The archaea and eukaryotes associated with bacterial colonization and succession
In our previous study, 17 bacterial species (e.g. P. copri), 8 KEGG functional terms and 21 CAZymes were identified to have significantly different abundances among the three weaning periods, and the abundance of bacteria P. copri played an important role in mitigating piglet adaptation during the weaning transition and was correlated with KEGG pathways and CAZymes . Here, we used a Spearman correlation analysis to determine whether the archaea and eukaryotes are associated with bacterial colonization and succession, especially the bacteria P. copri. However, only one archaea (Methanosarcina siciliae) was found to be positively correlated with P. copri (Fig. 5A). The abundance of Methanosarcina siciliae was markedly higher in the day 28 group (P < 0.001, FDR) and lower in day 14 group (P < 0.001, FDR) compared to that in day 21 group (Fig. 5B). Furthermore, Methanosarcina siciliae abundance was positively correlated with most differential KEGG pathways except cationic antimicrobial peptide (CAMP) resistance (ko01503) pathway (Supplementary Fig. 4A). The sulfur relay system (ko04122) was positively correlated with all of the differential archaea and fungi species (Supplementary Fig. 4A). In terms of CAZymes enrichment, most of differential CAZymes were positively correlated with Methanosarcina siciliae abundance (Supplementary Fig. 4B), indicating the contribution of the archaea and fungi species to changes in CAZymes.
Co-occurrence analysis among the gut bacteria, archaea, fungi and serum metabolites
Previously, we identified a total of 15 metabolite features showing distinct enrichment patterns among the three weaning periods, including15-HEPE, 8-O-Methyloblongine, and Troxilin B3 that were enriched in the day 28 group . Here, we explored potential correlations in abundances among these differential gut archaea, fungi, bacterial species and serum metabolites using a co-occurrence analysis. Bacterial and archaea species were found to form strong and broad co-occurring relationships with serum metabolites; fungi species, on the other hand, displayed only mild correlations with bacterial species, archaea species, and serum metabolites (Fig. 6). Within this coexpression network, bacterial species were clustered in two primary groups (cluster 1 and cluster 3). Serum metabolites also clustered into two groups (cluster 5 and cluster 6). Of note, the P. copri, Methanosarcina siciliae and Parasitella parasitica were positively correlated with each other’s, and found in cluster 2, while gut archaea species were mostly found in cluster 4. Furthermore, P. copri and Methanosarcina siciliae were positively and significantly correlated with 15-HEPE, 8-O-Methyloblongine, and Troxilin B3, indicating a synergistic and niche-related relationship.

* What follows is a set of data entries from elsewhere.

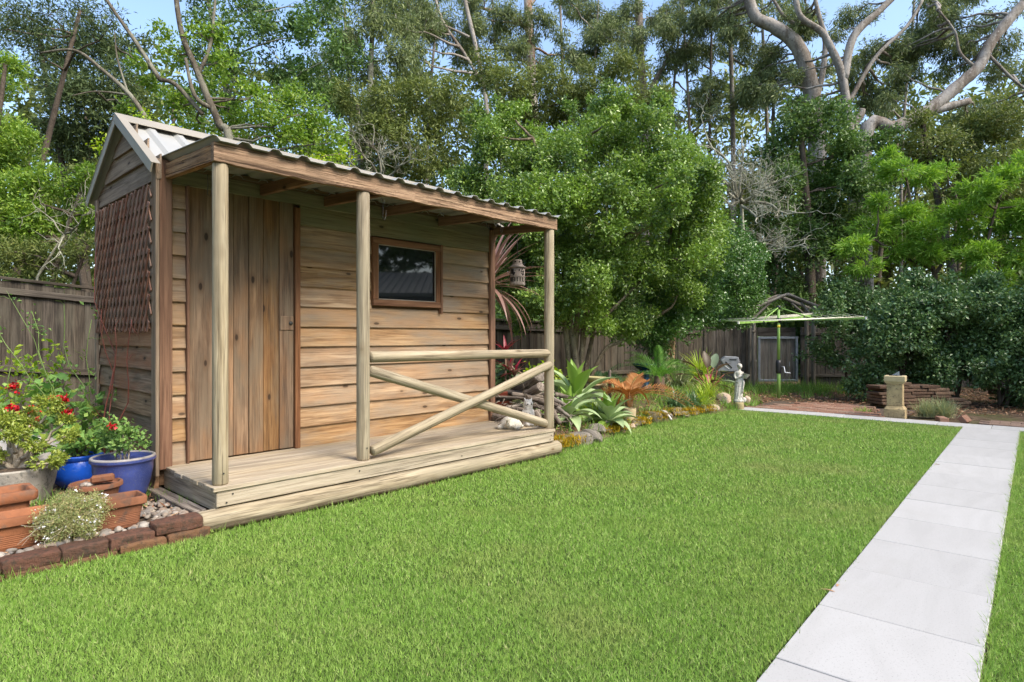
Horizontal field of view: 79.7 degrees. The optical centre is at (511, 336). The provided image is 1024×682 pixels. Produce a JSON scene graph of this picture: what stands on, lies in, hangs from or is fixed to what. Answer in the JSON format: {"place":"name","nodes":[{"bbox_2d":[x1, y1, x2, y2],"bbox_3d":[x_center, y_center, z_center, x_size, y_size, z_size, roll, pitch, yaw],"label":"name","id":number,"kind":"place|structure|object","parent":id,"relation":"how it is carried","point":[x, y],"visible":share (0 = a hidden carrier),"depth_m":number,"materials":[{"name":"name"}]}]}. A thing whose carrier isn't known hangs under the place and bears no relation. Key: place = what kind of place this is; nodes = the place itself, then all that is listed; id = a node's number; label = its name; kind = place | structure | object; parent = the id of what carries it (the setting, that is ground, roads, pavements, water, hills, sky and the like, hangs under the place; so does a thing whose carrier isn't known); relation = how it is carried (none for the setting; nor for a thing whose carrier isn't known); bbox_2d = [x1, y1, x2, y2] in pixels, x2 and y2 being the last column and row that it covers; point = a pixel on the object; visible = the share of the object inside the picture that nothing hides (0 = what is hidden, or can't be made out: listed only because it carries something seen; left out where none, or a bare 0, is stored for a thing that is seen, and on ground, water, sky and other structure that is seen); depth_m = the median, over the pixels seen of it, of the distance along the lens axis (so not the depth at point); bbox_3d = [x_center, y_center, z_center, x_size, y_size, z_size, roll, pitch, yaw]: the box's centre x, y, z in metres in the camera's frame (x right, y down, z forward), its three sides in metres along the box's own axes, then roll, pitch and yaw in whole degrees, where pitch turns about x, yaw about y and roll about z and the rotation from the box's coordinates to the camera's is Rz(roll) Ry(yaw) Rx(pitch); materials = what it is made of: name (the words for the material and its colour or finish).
{"place":"outdoors","nodes":[
{"label":"outdoors","id":0,"kind":"place"},
{"bbox_2d":[0,481,188,556],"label":"garden bed","id":1,"kind":"object","parent":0,"point":[149,513],"visible":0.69,"depth_m":3.88,"materials":[{"name":"stone"}]},
{"bbox_2d":[0,504,51,551],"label":"terracotta trough","id":2,"kind":"object","parent":1,"relation":"on","point":[13,532],"visible":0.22,"depth_m":3.33,"materials":[{"name":"ceramic"}]},
{"bbox_2d":[0,483,37,511],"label":"terracotta trough","id":3,"kind":"object","parent":2,"relation":"on","point":[17,496],"visible":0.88,"depth_m":3.56,"materials":[{"name":"ceramic"}]},
{"bbox_2d":[0,459,57,503],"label":"concrete pot","id":4,"kind":"object","parent":1,"relation":"on","point":[45,478],"visible":0.33,"depth_m":4.22,"materials":[{"name":"concrete"}]},
{"bbox_2d":[0,393,81,470],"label":"jade plant","id":5,"kind":"object","parent":4,"relation":"on","point":[21,424],"visible":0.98,"depth_m":4.24,"materials":[{"name":"green plant"}]},
{"bbox_2d":[0,369,76,458],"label":"geranium","id":6,"kind":"object","parent":1,"relation":"on","point":[31,393],"visible":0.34,"depth_m":5.16,"materials":[{"name":"green plant"}]},
{"bbox_2d":[0,339,84,411],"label":"leafy shrub","id":7,"kind":"object","parent":1,"relation":"on","point":[35,363],"visible":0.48,"depth_m":5.77,"materials":[{"name":"green plant"}]},
{"bbox_2d":[0,292,103,449],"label":"climbing rose","id":8,"kind":"object","parent":1,"relation":"on","point":[81,387],"visible":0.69,"depth_m":5.17,"materials":[{"name":"green plant"}]},
{"bbox_2d":[17,487,115,547],"bbox_3d":[-2.488,1.009,3.418,0.337,0.334,0.531,0,0,25],"label":"alyssum","id":9,"kind":"object","parent":1,"relation":"on","point":[68,521],"visible":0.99,"depth_m":3.40,"materials":[{"name":"green plant"}]},
{"bbox_2d":[31,382,105,449],"bbox_3d":[-3.853,0.770,5.337,0.905,0.772,0.814,0,0,0],"label":"geranium","id":10,"kind":"object","parent":1,"relation":"on","point":[84,407],"visible":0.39,"depth_m":5.19,"materials":[{"name":"green plant"}]},
{"bbox_2d":[54,451,103,488],"bbox_3d":[-3.362,1.028,4.750,0.344,0.245,0.344,0,0,0],"label":"blue pot","id":11,"kind":"object","parent":1,"relation":"on","point":[77,468],"visible":0.47,"depth_m":4.61,"materials":[{"name":"ceramic"}]},
{"bbox_2d":[45,412,124,456],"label":"potted geranium","id":12,"kind":"object","parent":11,"relation":"in","point":[83,446],"visible":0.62,"depth_m":4.67,"materials":[{"name":"green plant"}]},
{"bbox_2d":[67,478,122,499],"bbox_3d":[-2.700,1.047,3.980,0.300,0.206,0.300,0,0,0],"label":"terracotta pot","id":13,"kind":"object","parent":1,"relation":"on","point":[113,486],"visible":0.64,"depth_m":3.93,"materials":[{"name":"ceramic"}]},
{"bbox_2d":[52,490,146,537],"bbox_3d":[-2.450,1.059,3.652,0.202,0.182,0.452,0,0,43],"label":"terracotta trough","id":14,"kind":"object","parent":1,"relation":"on","point":[125,509],"visible":0.48,"depth_m":3.68,"materials":[{"name":"ceramic"}]},
{"bbox_2d":[89,247,138,452],"bbox_3d":[-3.276,0.184,5.009,0.300,1.934,1.026,0,0,-37],"label":"climbing rose","id":15,"kind":"object","parent":1,"relation":"on","point":[110,386],"visible":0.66,"depth_m":5.05,"materials":[{"name":"red plant"}]},
{"bbox_2d":[30,426,201,507],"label":"weeds","id":16,"kind":"object","parent":1,"relation":"on","point":[39,502],"visible":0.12,"depth_m":4.20,"materials":[{"name":"green plant"}]},
{"bbox_2d":[88,450,155,493],"bbox_3d":[-2.707,0.987,4.270,0.400,0.326,0.400,0,0,0],"label":"blue pot","id":17,"kind":"object","parent":1,"relation":"on","point":[134,471],"visible":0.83,"depth_m":4.17,"materials":[{"name":"ceramic"}]},
{"bbox_2d":[91,411,152,459],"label":"potted plant","id":18,"kind":"object","parent":17,"relation":"in","point":[115,435],"visible":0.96,"depth_m":4.21,"materials":[{"name":"green plant"}]},
{"bbox_2d":[0,406,1023,681],"bbox_3d":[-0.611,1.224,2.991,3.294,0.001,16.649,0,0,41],"label":"lawn","id":19,"kind":"structure","parent":0,"point":[412,625],"depth_m":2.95,"materials":[{"name":"plant"}]},
{"bbox_2d":[0,369,1023,680],"bbox_3d":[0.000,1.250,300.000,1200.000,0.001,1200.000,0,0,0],"label":"ground","id":20,"kind":"structure","parent":0,"point":[992,415],"depth_m":9.86,"materials":[{"name":"brown soil"}]},
{"bbox_2d":[0,48,52,176],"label":"tree","id":21,"kind":"object","parent":20,"relation":"on","point":[18,135],"visible":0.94,"depth_m":11.30,"materials":[{"name":"green plant"}]},
{"bbox_2d":[0,227,94,287],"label":"tree","id":22,"kind":"object","parent":20,"relation":"on","point":[36,253],"visible":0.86,"depth_m":7.91,"materials":[{"name":"green plant"}]},
{"bbox_2d":[0,156,95,285],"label":"tree","id":23,"kind":"object","parent":20,"relation":"on","point":[21,186],"visible":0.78,"depth_m":9.13,"materials":[{"name":"green plant"}]},
{"bbox_2d":[17,167,92,283],"bbox_3d":[-5.608,-0.428,7.554,1.326,3.298,0.456,0,0,14],"label":"bare branch","id":24,"kind":"object","parent":20,"relation":"on","point":[53,251],"visible":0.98,"depth_m":7.61,"materials":[{"name":"brown plant"}]},
{"bbox_2d":[0,0,136,276],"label":"tree","id":25,"kind":"object","parent":20,"relation":"on","point":[8,30],"visible":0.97,"depth_m":13.72,"materials":[{"name":"green plant"}]},
{"bbox_2d":[0,1,162,291],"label":"tree","id":26,"kind":"object","parent":20,"relation":"on","point":[78,133],"visible":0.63,"depth_m":18.44,"materials":[{"name":"green plant"}]},
{"bbox_2d":[0,512,210,581],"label":"brick edging","id":27,"kind":"object","parent":20,"relation":"on","point":[156,532],"visible":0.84,"depth_m":3.43,"materials":[{"name":"brown brick"}]},
{"bbox_2d":[39,0,354,165],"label":"leaning tree","id":28,"kind":"object","parent":20,"relation":"on","point":[212,104],"visible":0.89,"depth_m":8.53,"materials":[{"name":"green plant"}]},
{"bbox_2d":[151,0,378,141],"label":"tree","id":29,"kind":"object","parent":20,"relation":"on","point":[299,25],"visible":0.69,"depth_m":16.83,"materials":[{"name":"green plant"}]},
{"bbox_2d":[85,112,561,531],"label":"garden shed","id":30,"kind":"structure","parent":20,"relation":"on","point":[324,329],"depth_m":5.09,"materials":[{"name":"wood"}]},
{"bbox_2d":[85,107,362,170],"bbox_3d":[-3.781,-2.368,7.828,3.605,1.048,0.898,0,0,0],"label":"tree","id":31,"kind":"object","parent":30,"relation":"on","point":[341,154],"visible":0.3,"depth_m":7.98,"materials":[{"name":"green plant"}]},
{"bbox_2d":[185,186,299,463],"bbox_3d":[-2.151,-0.092,4.965,0.054,2.100,0.912,0,0,43],"label":"door","id":32,"kind":"structure","parent":30,"relation":"in","point":[264,235],"depth_m":4.98,"materials":[{"name":"wood"}]},
{"bbox_2d":[371,237,442,313],"bbox_3d":[-1.038,-0.604,6.162,0.052,0.723,0.870,0,0,43],"label":"window","id":33,"kind":"structure","parent":30,"relation":"in","point":[404,273],"depth_m":6.14,"materials":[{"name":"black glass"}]},
{"bbox_2d":[497,416,523,429],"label":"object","id":34,"kind":"object","parent":30,"relation":"on","point":[507,422],"visible":0.94,"depth_m":6.33,"materials":[{"name":"stone"}]},
{"bbox_2d":[508,233,525,285],"bbox_3d":[0.060,-0.860,6.794,0.200,0.590,0.200,0,0,0],"label":"hanging lantern","id":35,"kind":"object","parent":30,"relation":"hanging from","point":[517,267],"visible":1,"depth_m":6.73,"materials":[{"name":"metal"}]},
{"bbox_2d":[309,3,364,166],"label":"gum tree","id":36,"kind":"object","parent":20,"relation":"on","point":[325,64],"visible":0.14,"depth_m":24.02,"materials":[{"name":"green plant"}]},
{"bbox_2d":[0,276,702,432],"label":"paling fence","id":37,"kind":"object","parent":20,"relation":"on","point":[48,307],"visible":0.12,"depth_m":7.59,"materials":[{"name":"wood"}]},
{"bbox_2d":[303,0,446,170],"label":"tree","id":38,"kind":"object","parent":20,"relation":"on","point":[372,25],"visible":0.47,"depth_m":18.60,"materials":[{"name":"green plant"}]},
{"bbox_2d":[331,112,436,175],"bbox_3d":[-2.255,-1.258,10.014,2.079,4.955,1.118,0,0,0],"label":"bare shrub","id":39,"kind":"object","parent":20,"relation":"on","point":[381,164],"visible":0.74,"depth_m":9.98,"materials":[{"name":"grey plant"}]},
{"bbox_2d":[319,68,495,189],"bbox_3d":[-2.506,-2.522,14.469,4.506,7.604,2.588,0,0,0],"label":"tree","id":40,"kind":"object","parent":20,"relation":"on","point":[384,124],"visible":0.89,"depth_m":14.13,"materials":[{"name":"green plant"}]},
{"bbox_2d":[391,0,458,184],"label":"gum tree","id":41,"kind":"object","parent":20,"relation":"on","point":[433,52],"visible":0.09,"depth_m":23.95,"materials":[{"name":"green plant"}]},
{"bbox_2d":[365,0,491,178],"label":"gum tree","id":42,"kind":"object","parent":20,"relation":"on","point":[426,21],"visible":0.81,"depth_m":20.93,"materials":[{"name":"green plant"}]},
{"bbox_2d":[0,25,1023,358],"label":"wood","id":43,"kind":"object","parent":20,"relation":"on","point":[740,131],"depth_m":28.55,"materials":[{"name":"green plant"}]},
{"bbox_2d":[482,0,544,288],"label":"gum tree","id":44,"kind":"object","parent":20,"relation":"on","point":[493,39],"visible":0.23,"depth_m":23.70,"materials":[{"name":"green plant"}]},
{"bbox_2d":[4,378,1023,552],"bbox_3d":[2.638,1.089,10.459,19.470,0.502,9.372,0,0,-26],"label":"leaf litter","id":45,"kind":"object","parent":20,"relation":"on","point":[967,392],"visible":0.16,"depth_m":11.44,"materials":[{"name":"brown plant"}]},
{"bbox_2d":[5,266,1023,375],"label":"undergrowth","id":46,"kind":"object","parent":20,"relation":"on","point":[796,325],"visible":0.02,"depth_m":18.38,"materials":[{"name":"green plant"}]},
{"bbox_2d":[446,0,590,262],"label":"gum tree","id":47,"kind":"object","parent":20,"relation":"on","point":[502,15],"visible":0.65,"depth_m":22.21,"materials":[{"name":"green plant"}]},
{"bbox_2d":[543,0,595,271],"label":"gum tree","id":48,"kind":"object","parent":20,"relation":"on","point":[560,40],"visible":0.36,"depth_m":22.55,"materials":[{"name":"green plant"}]},
{"bbox_2d":[466,37,680,279],"bbox_3d":[1.659,-3.535,17.040,5.969,9.637,3.211,0,0,0],"label":"tree","id":49,"kind":"object","parent":20,"relation":"on","point":[495,75],"visible":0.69,"depth_m":16.63,"materials":[{"name":"green plant"}]},
{"bbox_2d":[549,0,600,113],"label":"gum tree","id":50,"kind":"object","parent":20,"relation":"on","point":[569,10],"visible":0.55,"depth_m":23.26,"materials":[{"name":"green plant"}]},
{"bbox_2d":[554,404,719,447],"bbox_3d":[1.803,1.164,8.358,0.496,0.209,4.521,0,0,39],"label":"rock border","id":51,"kind":"object","parent":20,"relation":"on","point":[593,433],"visible":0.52,"depth_m":7.53,"materials":[{"name":"beige stone"}]},
{"bbox_2d":[542,404,716,447],"bbox_3d":[1.671,1.101,8.259,0.721,0.141,4.317,0,0,39],"label":"moss","id":52,"kind":"object","parent":51,"relation":"on","point":[613,427],"visible":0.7,"depth_m":8.23,"materials":[{"name":"plant"}]},
{"bbox_2d":[510,378,766,452],"bbox_3d":[1.880,1.115,10.940,6.160,0.334,8.960,0,0,0],"label":"raised bed","id":53,"kind":"object","parent":20,"relation":"on","point":[643,404],"visible":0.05,"depth_m":9.19,"materials":[{"name":"brown soil"}]},
{"bbox_2d":[480,222,543,349],"bbox_3d":[-0.254,-0.310,7.570,1.620,2.543,1.492,0,0,0],"label":"cordyline","id":54,"kind":"object","parent":53,"relation":"on","point":[502,300],"visible":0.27,"depth_m":7.57,"materials":[{"name":"brown plant"}]},
{"bbox_2d":[496,336,528,389],"bbox_3d":[-0.022,0.469,7.914,0.535,0.987,0.519,0,0,37],"label":"red cordyline","id":55,"kind":"object","parent":53,"relation":"on","point":[510,365],"visible":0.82,"depth_m":7.89,"materials":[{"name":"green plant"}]},
{"bbox_2d":[491,383,579,425],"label":"twigs","id":56,"kind":"object","parent":53,"relation":"on","point":[559,415],"visible":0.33,"depth_m":6.86,"materials":[{"name":"brown wood"}]},
{"bbox_2d":[542,385,601,430],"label":"agave","id":57,"kind":"object","parent":53,"relation":"on","point":[570,408],"visible":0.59,"depth_m":7.32,"materials":[{"name":"green plant"}]},
{"bbox_2d":[542,359,618,421],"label":"agave","id":58,"kind":"object","parent":53,"relation":"on","point":[578,378],"visible":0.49,"depth_m":7.94,"materials":[{"name":"green plant"}]},
{"bbox_2d":[438,74,736,388],"bbox_3d":[1.187,-1.628,9.684,4.847,5.303,2.909,0,0,0],"label":"leafy tree","id":59,"kind":"object","parent":53,"relation":"on","point":[676,204],"visible":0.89,"depth_m":9.39,"materials":[{"name":"green plant"}]},
{"bbox_2d":[584,392,639,434],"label":"agave","id":60,"kind":"object","parent":53,"relation":"on","point":[611,412],"visible":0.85,"depth_m":7.70,"materials":[{"name":"green plant"}]},
{"bbox_2d":[601,372,694,407],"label":"dead palm","id":61,"kind":"object","parent":53,"relation":"on","point":[630,391],"visible":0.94,"depth_m":8.51,"materials":[{"name":"beige plant"}]},
{"bbox_2d":[624,345,702,394],"bbox_3d":[2.522,0.569,10.240,1.287,0.882,1.408,0,0,0],"label":"cycad","id":62,"kind":"object","parent":53,"relation":"on","point":[660,371],"visible":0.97,"depth_m":10.14,"materials":[{"name":"green plant"}]},
{"bbox_2d":[652,350,716,387],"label":"grass clump","id":63,"kind":"object","parent":53,"relation":"on","point":[678,379],"visible":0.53,"depth_m":11.30,"materials":[{"name":"green plant"}]},
{"bbox_2d":[624,214,772,385],"bbox_3d":[4.050,-0.703,11.871,2.291,3.330,4.895,0,0,40],"label":"dark leafed tree","id":64,"kind":"object","parent":53,"relation":"on","point":[745,292],"visible":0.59,"depth_m":10.96,"materials":[{"name":"green plant"}]},
{"bbox_2d":[676,351,734,388],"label":"red leaf plant","id":65,"kind":"object","parent":53,"relation":"on","point":[713,360],"visible":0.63,"depth_m":11.27,"materials":[{"name":"red plant"}]},
{"bbox_2d":[679,350,731,381],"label":"grass clump","id":66,"kind":"object","parent":53,"relation":"on","point":[698,366],"visible":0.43,"depth_m":12.51,"materials":[{"name":"green plant"}]},
{"bbox_2d":[572,0,707,302],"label":"gum tree","id":67,"kind":"object","parent":20,"relation":"on","point":[606,26],"visible":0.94,"depth_m":23.35,"materials":[{"name":"green plant"}]},
{"bbox_2d":[656,1,714,134],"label":"gum tree","id":68,"kind":"object","parent":20,"relation":"on","point":[678,83],"visible":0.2,"depth_m":24.14,"materials":[{"name":"green plant"}]},
{"bbox_2d":[648,1,734,162],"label":"gum tree","id":69,"kind":"object","parent":20,"relation":"on","point":[714,101],"visible":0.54,"depth_m":23.74,"materials":[{"name":"green plant"}]},
{"bbox_2d":[540,369,862,450],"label":"weeds","id":70,"kind":"object","parent":20,"relation":"on","point":[800,387],"visible":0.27,"depth_m":11.41,"materials":[{"name":"green plant"}]},
{"bbox_2d":[669,0,738,287],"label":"gum tree","id":71,"kind":"object","parent":20,"relation":"on","point":[722,56],"visible":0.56,"depth_m":23.86,"materials":[{"name":"green plant"}]},
{"bbox_2d":[686,0,770,237],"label":"gum tree","id":72,"kind":"object","parent":20,"relation":"on","point":[733,105],"visible":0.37,"depth_m":23.93,"materials":[{"name":"green plant"}]},
{"bbox_2d":[718,356,739,385],"bbox_3d":[4.552,0.820,12.901,0.459,0.819,0.350,0,0,14],"label":"hose reel","id":73,"kind":"object","parent":20,"relation":"on","point":[734,361],"visible":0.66,"depth_m":12.74,"materials":[{"name":"grey plastic"}]},
{"bbox_2d":[675,0,827,326],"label":"gum tree","id":74,"kind":"object","parent":20,"relation":"on","point":[698,23],"visible":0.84,"depth_m":21.66,"materials":[{"name":"green plant"}]},
{"bbox_2d":[681,91,840,326],"bbox_3d":[5.640,-2.335,14.971,3.676,7.114,2.817,0,0,0],"label":"lichen tree","id":75,"kind":"object","parent":20,"relation":"on","point":[740,201],"visible":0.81,"depth_m":14.84,"materials":[{"name":"grey plant"}]},
{"bbox_2d":[725,0,809,312],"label":"gum tree","id":76,"kind":"object","parent":20,"relation":"on","point":[743,57],"visible":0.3,"depth_m":23.96,"materials":[{"name":"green plant"}]},
{"bbox_2d":[756,328,797,381],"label":"gate","id":77,"kind":"structure","parent":20,"relation":"on","point":[767,352],"depth_m":15.36,"materials":[{"name":"wood"}]},
{"bbox_2d":[746,293,829,387],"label":"garden arch","id":78,"kind":"structure","parent":20,"relation":"on","point":[752,360],"depth_m":14.72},
{"bbox_2d":[719,305,866,398],"bbox_3d":[5.446,0.300,11.949,2.900,1.840,2.161,0,0,0],"label":"rotary clothes line","id":79,"kind":"object","parent":20,"relation":"on","point":[796,316],"visible":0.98,"depth_m":12.07,"materials":[{"name":"green paint"}]},
{"bbox_2d":[726,92,909,326],"bbox_3d":[8.958,-2.865,18.006,5.320,8.245,3.638,0,0,13],"label":"tree","id":80,"kind":"object","parent":20,"relation":"on","point":[844,174],"visible":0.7,"depth_m":17.58,"materials":[{"name":"green plant"}]},
{"bbox_2d":[791,274,886,393],"bbox_3d":[7.238,-0.065,12.995,2.336,2.596,1.491,0,0,-12],"label":"camellia shrub","id":81,"kind":"object","parent":20,"relation":"on","point":[842,304],"visible":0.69,"depth_m":12.85,"materials":[{"name":"green plant"}]},
{"bbox_2d":[753,0,930,319],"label":"gum tree","id":82,"kind":"object","parent":20,"relation":"on","point":[810,18],"visible":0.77,"depth_m":20.80,"materials":[{"name":"green plant"}]},
{"bbox_2d":[702,327,1019,386],"bbox_3d":[9.934,0.500,15.361,10.348,1.500,0.158,0,0,0],"label":"paling fence","id":83,"kind":"object","parent":20,"relation":"on","point":[730,342],"visible":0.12,"depth_m":15.36,"materials":[{"name":"wood"}]},
{"bbox_2d":[837,326,921,401],"bbox_3d":[7.171,0.572,11.765,1.659,1.615,1.266,0,0,-40],"label":"camellia shrub","id":84,"kind":"object","parent":20,"relation":"on","point":[876,370],"visible":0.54,"depth_m":11.58,"materials":[{"name":"green plant"}]},
{"bbox_2d":[827,143,960,283],"bbox_3d":[8.405,-1.535,13.438,3.289,5.519,1.816,0,0,0],"label":"wattle tree","id":85,"kind":"object","parent":20,"relation":"on","point":[886,225],"visible":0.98,"depth_m":13.25,"materials":[{"name":"green plant"}]},
{"bbox_2d":[866,0,929,281],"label":"gum tree","id":86,"kind":"object","parent":20,"relation":"on","point":[887,116],"visible":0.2,"depth_m":23.96,"materials":[{"name":"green plant"}]},
{"bbox_2d":[857,263,965,383],"bbox_3d":[7.458,-0.098,11.661,2.239,2.653,1.639,0,0,-34],"label":"camellia shrub","id":87,"kind":"object","parent":20,"relation":"on","point":[900,311],"visible":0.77,"depth_m":11.34,"materials":[{"name":"green plant"}]},
{"bbox_2d":[907,396,937,417],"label":"spiky shrub","id":88,"kind":"object","parent":20,"relation":"on","point":[925,410],"visible":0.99,"depth_m":9.32,"materials":[{"name":"green plant"}]},
{"bbox_2d":[855,0,1023,314],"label":"gum tree","id":89,"kind":"object","parent":20,"relation":"on","point":[942,17],"visible":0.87,"depth_m":20.02,"materials":[{"name":"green plant"}]},
{"bbox_2d":[925,395,968,418],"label":"spiky shrub","id":90,"kind":"object","parent":20,"relation":"on","point":[944,409],"visible":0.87,"depth_m":9.24,"materials":[{"name":"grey plant"}]},
{"bbox_2d":[888,92,1023,286],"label":"tree","id":91,"kind":"object","parent":20,"relation":"on","point":[995,130],"visible":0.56,"depth_m":17.34,"materials":[{"name":"green plant"}]},
{"bbox_2d":[912,267,1022,397],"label":"camellia shrub","id":92,"kind":"object","parent":20,"relation":"on","point":[954,319],"visible":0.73,"depth_m":11.18,"materials":[{"name":"green plant"}]},
{"bbox_2d":[925,149,1023,394],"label":"wattle tree","id":93,"kind":"object","parent":20,"relation":"on","point":[1006,217],"visible":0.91,"depth_m":12.84,"materials":[{"name":"green plant"}]},
{"bbox_2d":[954,268,1023,408],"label":"camellia shrub","id":94,"kind":"object","parent":20,"relation":"on","point":[1005,349],"visible":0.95,"depth_m":10.77,"materials":[{"name":"green plant"}]},
{"bbox_2d":[0,0,1023,291],"label":"sky","id":95,"kind":"structure","parent":0,"point":[896,13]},
{"bbox_2d":[747,401,915,416],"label":"brick paving","id":96,"kind":"structure","parent":0,"point":[836,408],"depth_m":10.36,"materials":[{"name":"brick"}]},
{"bbox_2d":[884,372,906,418],"bbox_3d":[5.800,0.880,9.280,0.276,0.720,0.276,0,0,38],"label":"sundial pedestal","id":97,"kind":"object","parent":96,"relation":"on","point":[895,407],"visible":0.99,"depth_m":9.19,"materials":[{"name":"yellow stone"}]},
{"bbox_2d":[739,407,1023,431],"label":"cross path","id":98,"kind":"structure","parent":0,"point":[935,423],"depth_m":8.96,"materials":[{"name":"concrete"}]},
{"bbox_2d":[733,363,749,409],"bbox_3d":[3.835,0.838,10.242,0.165,0.785,0.270,0,0,-43],"label":"garden statue","id":99,"kind":"object","parent":98,"relation":"on","point":[739,400],"visible":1,"depth_m":10.23,"materials":[{"name":"stone"}]},
{"bbox_2d":[756,427,1019,681],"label":"path","id":100,"kind":"structure","parent":0,"point":[907,601],"depth_m":2.93,"materials":[{"name":"concrete"}]},
{"bbox_2d":[987,444,1023,681],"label":"lawn","id":101,"kind":"structure","parent":0,"point":[1017,657],"depth_m":2.60,"materials":[{"name":"plant"}]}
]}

Although gut fungi and archaea are essential member of the microbiota in animals, they have been neglected in the past years [28, 29]. Very limited number of previous studies have examined the composition of gut fungi and archaea. Of these, only a handful of studies have focused on how gut fungi and archaea communities develop and change during the piglet suckling and weaning periods [12, 24,25,26]. Here, we performed shotgun metagenomic sequencing to comprehensively characterize porcine gut fungi and archaea during the piglet weaning periods. Our results indicate that gut fungi and archaea communities are highly dynamic during suckling and weaning.
Consistent with previous studies, Ascomycota and Basidiomycota were the two most dominant phyla of fungi in pigs [30, 31], followed by Mucoromycota. Mucoromycota, characterized by the production of asexual aplanospores, fusion of gametangia to produce zygospores, and walls of chitin and chitosan [32, 33], is of interest because it is one of the few fungi interacting with bacteria. Fungal-bacteria interactions are the focus of a new field of microbiology with relevance to microbial ecology, host health and biotechnology . For the archaea, Euryarchaeota was the most abundance phyla, followed by Methanobacteriaceae, Methanosarcinaceae, and Candidatus Methanomethylophilaceae. The significant role we found for Euryarcheaota in pig microbiomes suggests a previously underestimated role in human health and disease . In addition, these sequences are similar to a number of clone sequences recovered from pig feces and cattle rumens , raising the possibility that a novel group of Euryarchaeota has adapted to live in the animal intestinal tract .
Methanosarcina siciliae and Parasitella parasitica were found to be the most significantly different archaea and fungi species among three weaning periods, respectively. Random forest analysis also identified Methanosarcina siciliae and Parasitella parasitica as a weaning-biased archaea and fungi at the archaea and fungi species level, respectively. Methanosarcina siciliae is known to be able to degrade dimethylsulfide and methane thiol to hydrogen sulfide, methane, and carbon dioxide [37, 38]. Parasitella parasitica, a facultative mycoparasite of zygomycetous fungi, forms cytoplasmic fusions with its hosts during infection , infecting many different mucoralean species from nearly all major genera [40, 41]. Moreover, Methanosarcina siciliae and Parasitella parasitica could be used to distinguish the three weaning periods with high diagnostic accuracy, suggesting that Methanosarcina siciliae and Parasitella parasitica are important species for mitigating piglet adaptation during the weaning transition.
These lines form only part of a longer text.